= Hamao Umezawa =

Japanese microbiologist

Hamao Umezawa (梅沢 浜夫, Umezawa Hamao) was a Japanese scientist who discovered several antimicrobial agents and enzyme inhibitors.

Umezawa was born in Obama City, Fukui Prefecture, as the second son in a family of seven children. After graduating from Musashi Junior and Senior High School, he entered the University of Tokyo Graduate School of Medicine in 1933, and completed his medical degree in 1937. After serving in the Japanese army during World War II, Umezawa did work on tuberculosis which led to his discovery, in 1955, of the aminoglycoside antibiotic kanamycin. By this stage Umezawa was heading the Institute of Microbial Chemistry in Tokyo where his main focus was antimicrobial agents manufactured through fermentation processes.

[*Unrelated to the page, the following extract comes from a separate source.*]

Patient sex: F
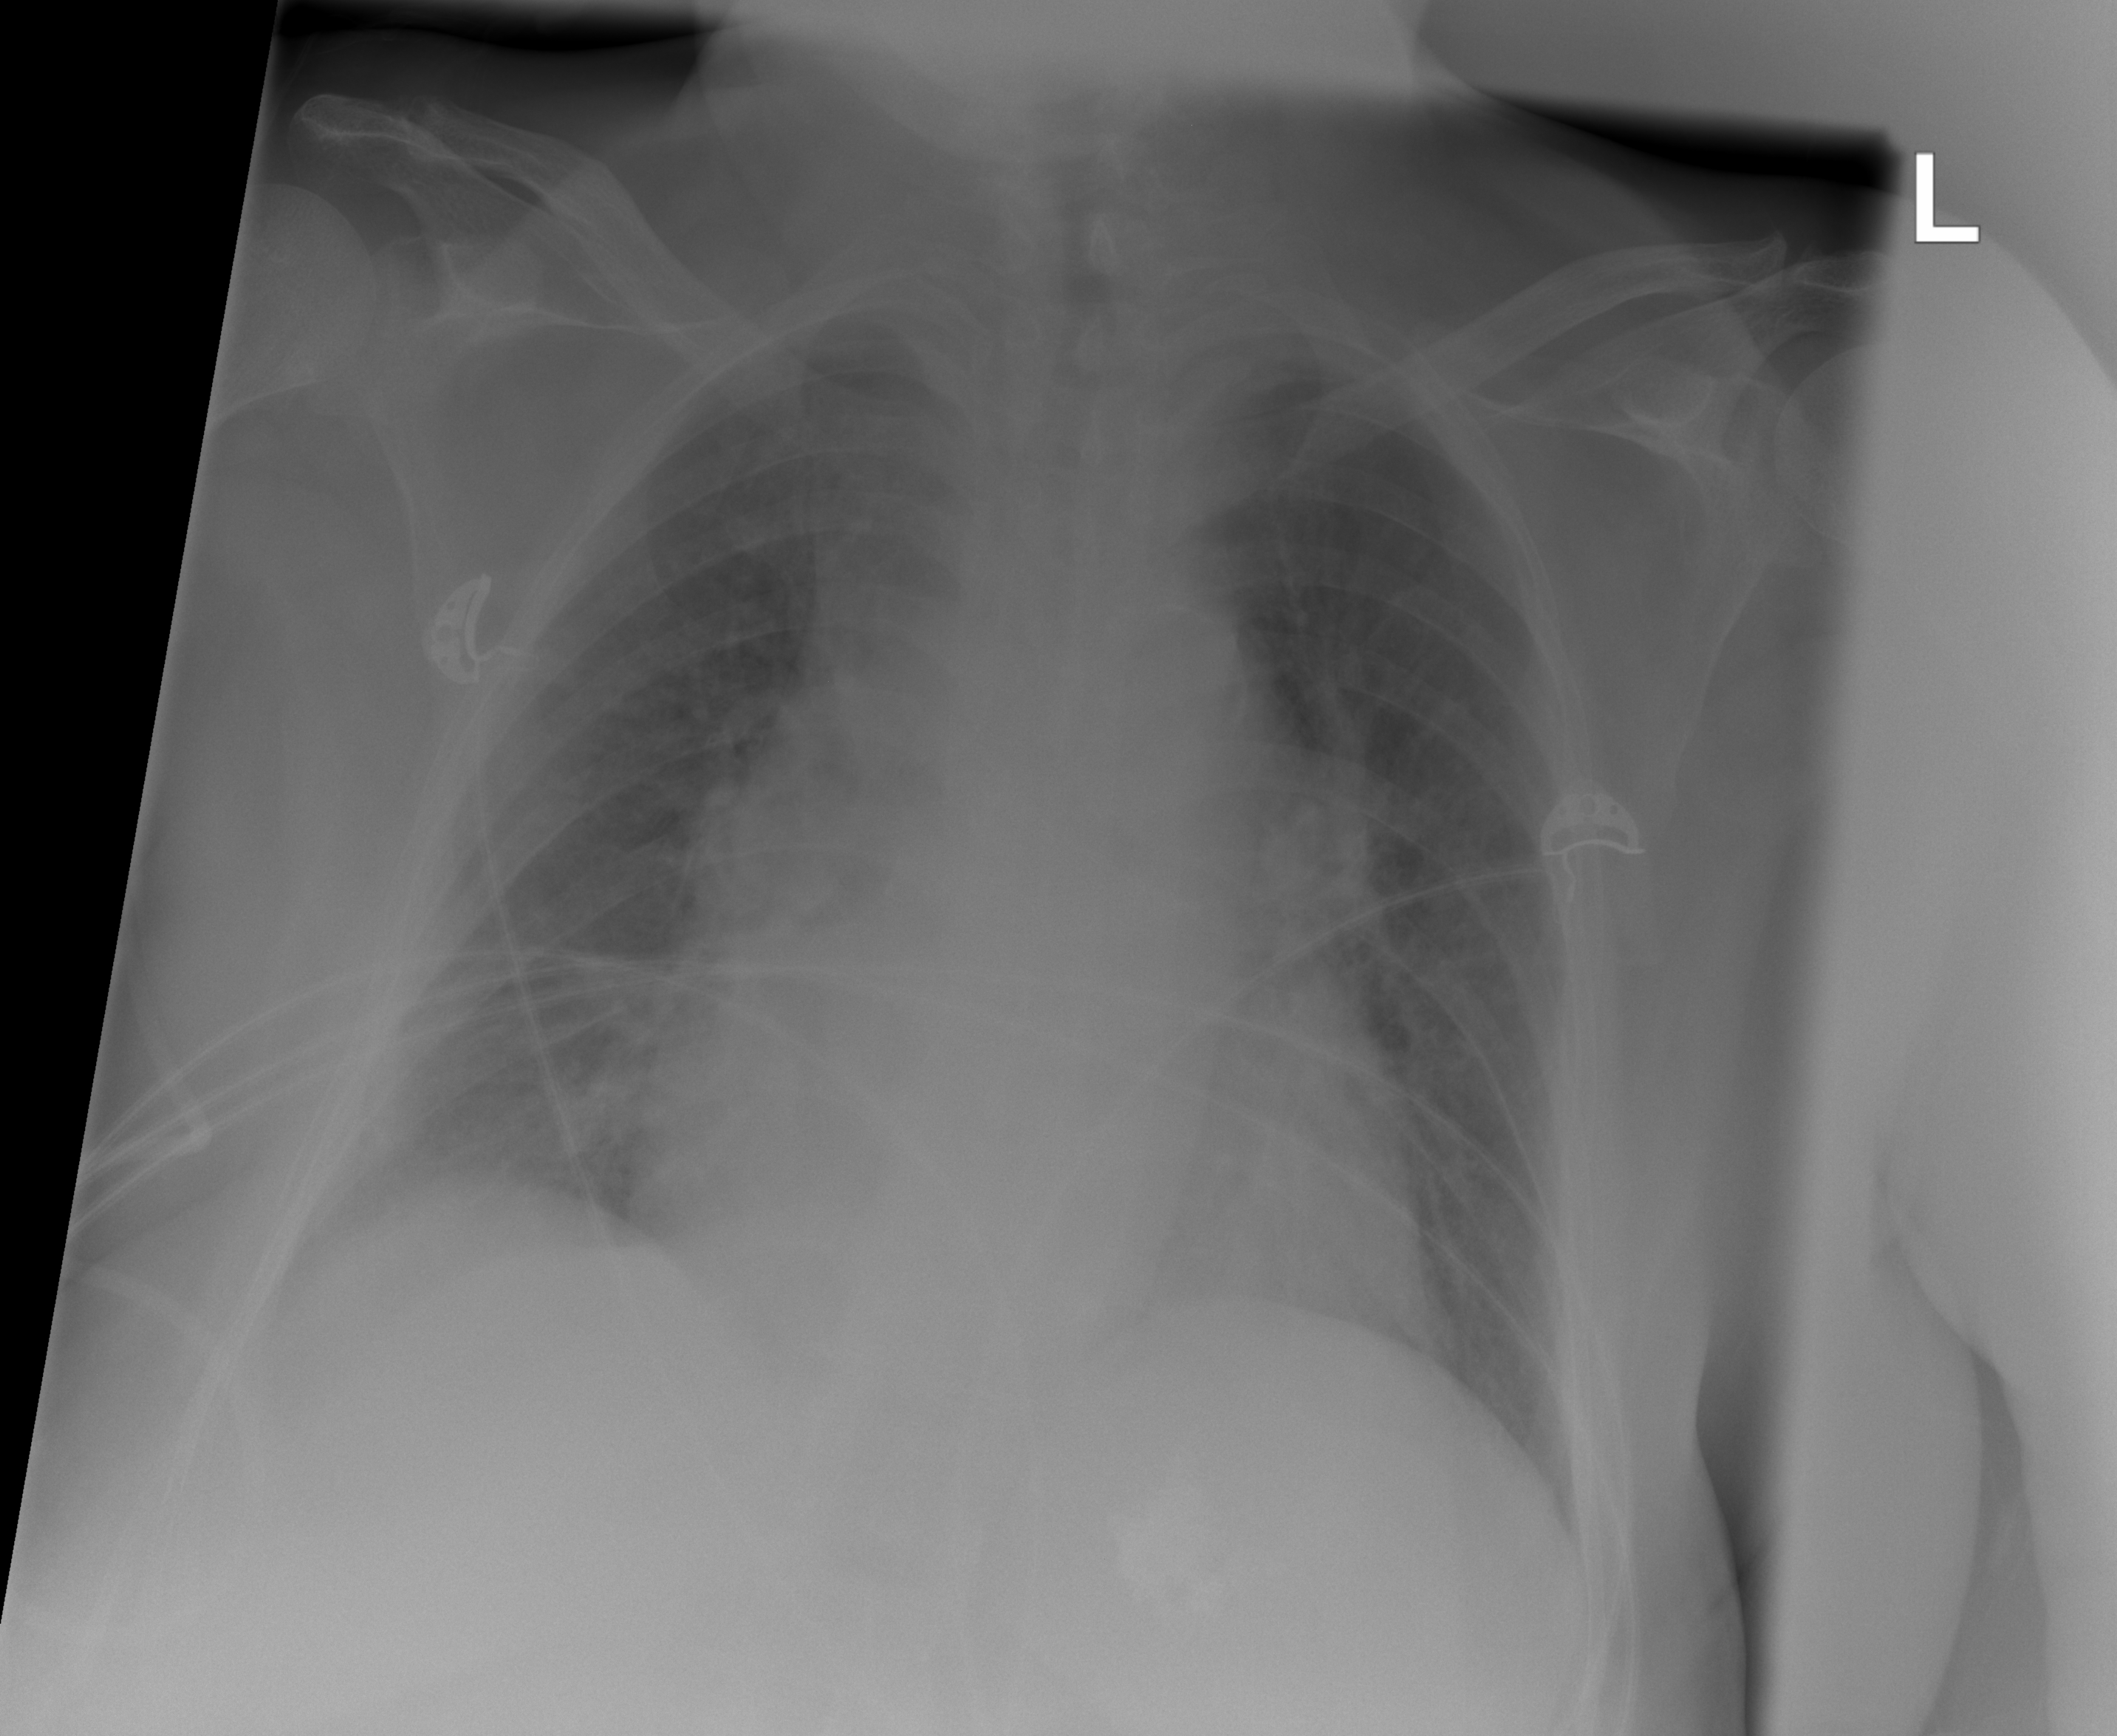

In 1963, he discovered the anticancer drug bleomycin, and in 1965 he discovered kasugamycin, a compound useful in combating rice molds.

His elder brother, Sumio Umezawa, was a chemist who had sometimes assisted in his work. He was married to Mieko Ishizaki on December 2, 1944; they had two sons.

Umezawa died of pneumonia on December 25, 1986. The Hamao Umezawa Memorial Museum in Setagaya, Tokyo was named in his honor.